## ACTION ITEM
Copy only the lines between the one containing "1. Der Bericht" and the end of the records, both included, leaving out pictures.

## SOURCE DATA
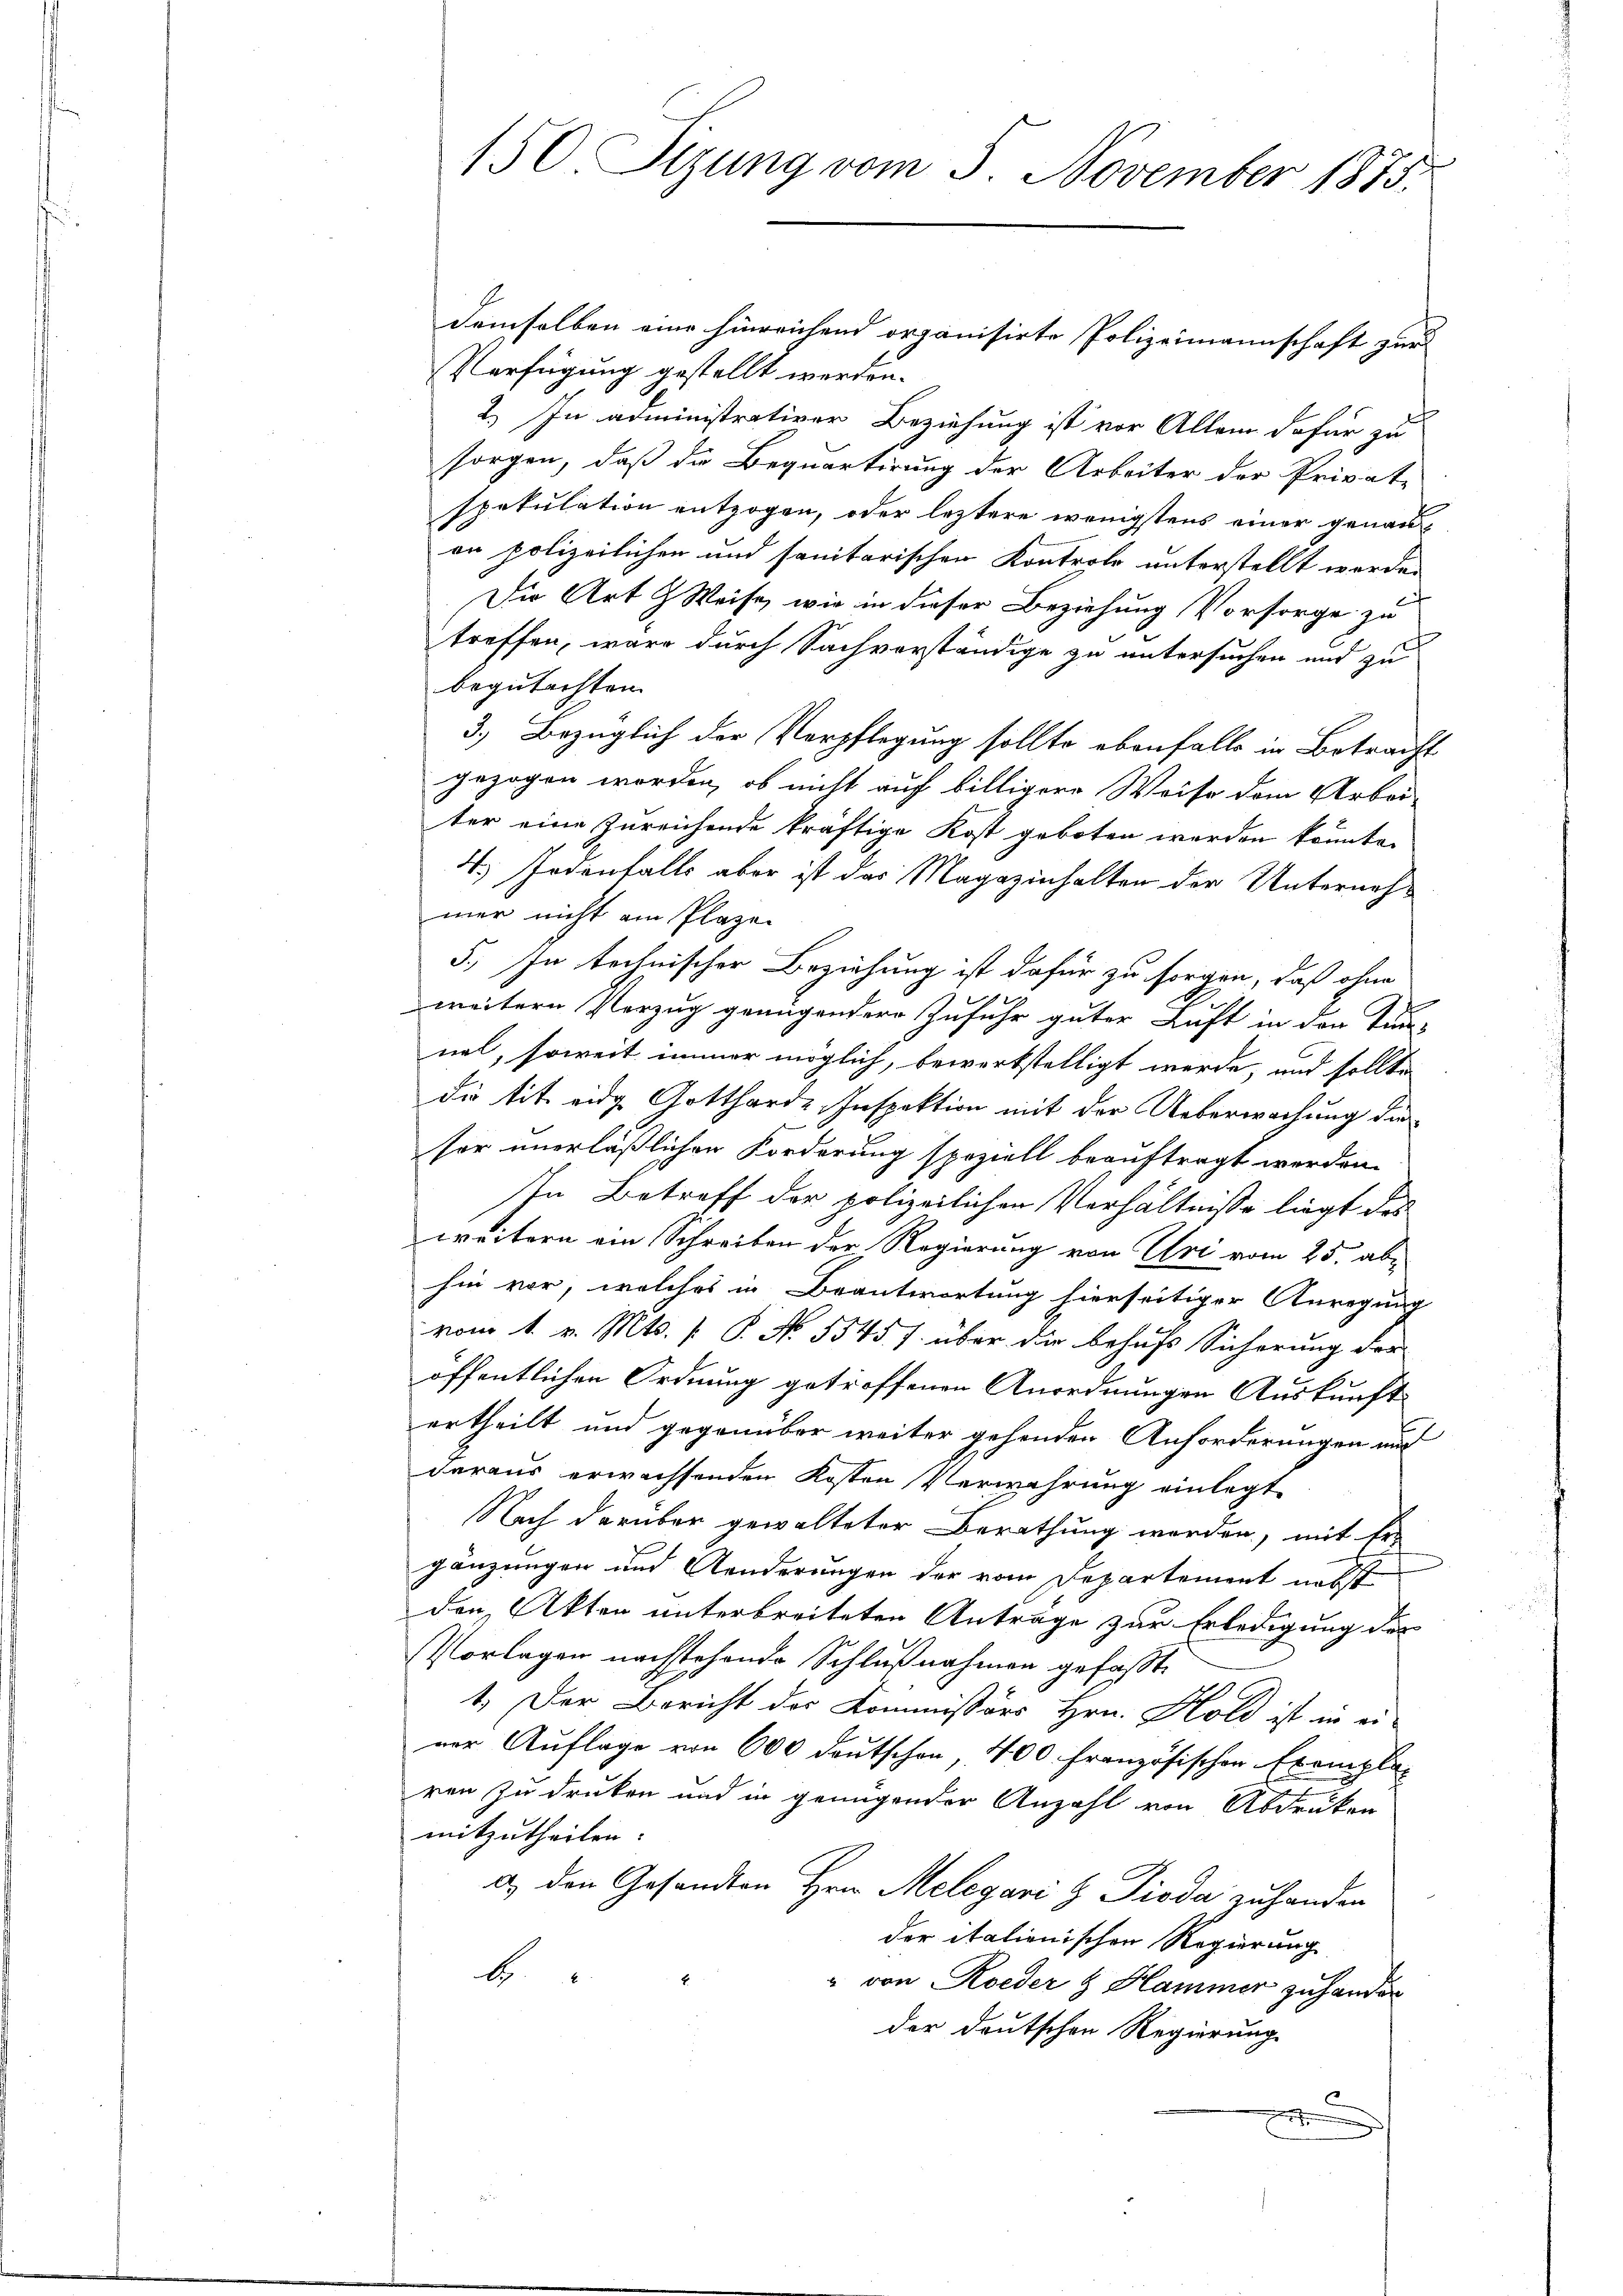
150. Setzung vom 3. November 1873.

demselben eine hinreichend organisirte Polizeimannschaft zur
Verfügung gestellt werden.
2.) In administrativer Beziehung ist vor Allem dafür zu
sorgen, daß die Bequartirung der Arbeiter der Privat-
spekulation entzogen, oder leztere wenigstens einer genau
on polizeilichen und sanitarischen Kontrolo unterstellt worden
Die Art & Weise, wie in dieser Beziehung Vorsorge zu
treffen, wäre durch Sachverständige zu untersuchen und zu
begutachten
3.) Bezüglich der Verpflegung sollte ebenfalls in Betracht
gezogen worden, ob nicht auf billigere Weise dem Arbei-
ter eine Zureichende kräftige Kost geboten worden könnte.
4.) Jedenfalls aber ist das Magazinhalten der Unternehmer nicht am Plazen
5., In technischer Beziehung ist dafür zu sorgen, daß ohne
weitern Verzug genügendere Zufuhr guter Luft in den Tun-
nal, soweit immer möglich, bewerkstelligt werde, und sollte
die tit. eidg. Gottharde Inspektion mit der Ueberwachung die
hor unerläßlichen Forderung speziell beauftragt werden.
In Betreff der polizeilichen Verhältnisse liegt das
weitern ein Schreiben der Regierung von Uri vom 25. abhin vor, welches in Beantwortung hierseitiger Anregung
vom 1. v. Mts. [ P. No. 5545 f. über die behufs Sicherung der
öffentlichen Ordnung getroffenen Anordnungen Auskunft
ertheilt und gegenüber weiter gehenden Anforderungen auf
daraus erwachsenden Kosten Verwahrung einlegt
Nach darüber gewalteter Berathung werden, mit Er-
gänzungen und Aenderungen der vom Departement nebst
den Akten unterbreiteten Antrage zur Erledigung der
Vorlagen nachstehende Schlußnahmen gefaßt.
1. Der Bericht des Kommissors Hrn. Hold ist in ei-
ner Auflage von 600 deutschen, 400 französischen Exemplaren zu druken und in genügender Anzahl von Abdruken
mitzutheilen.
d.) den Gesandten Hrn. Melegari z Pioda zuhanden
der italionischen Regierung
be
" von Roeder & Hammer zu hander
der deutschen Regierung
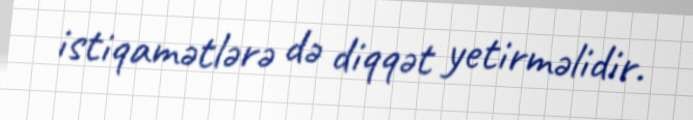
istiqamətlərə də diqqət yetirməlidir.
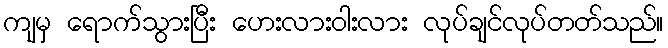
ကျမှ ရောက်သွားပြီး ဟေးလားဝါးလား လုပ်ချင်လုပ်တတ်သည်။
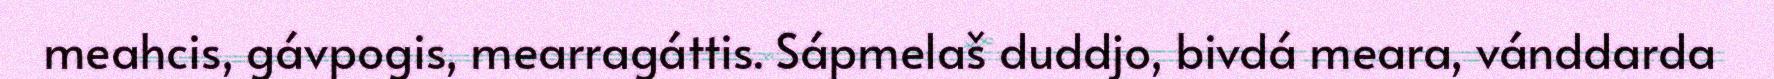
meahcis, gávpogis, mearragáttis. Sápmelaš duddjo, bivdá meara, vánddarda
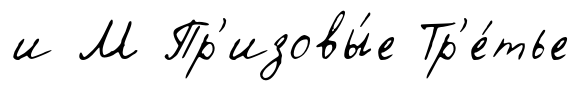
и М Пр'изовы́е Тр'е́тье

## TASK ANSWER
1. Der Bericht des Kommissors Hrn. Hold ist in ei-
ner Auflage von 600 deutschen, 400 französischen Exemplaren zu druken und in genügender Anzahl von Abdruken
mitzutheilen.
d.) den Gesandten Hrn. Melegari z Pioda zuhanden
der italionischen Regierung
be
" von Roeder & Hammer zu hander
der deutschen Regierung
istiqamətlərə də diqqət yetirməlidir.
ကျမှ ရောက်သွားပြီး ဟေးလားဝါးလား လုပ်ချင်လုပ်တတ်သည်။
meahcis, gávpogis, mearragáttis. Sápmelaš duddjo, bivdá meara, vánddarda
и М Пр'изовы́е Тр'е́тье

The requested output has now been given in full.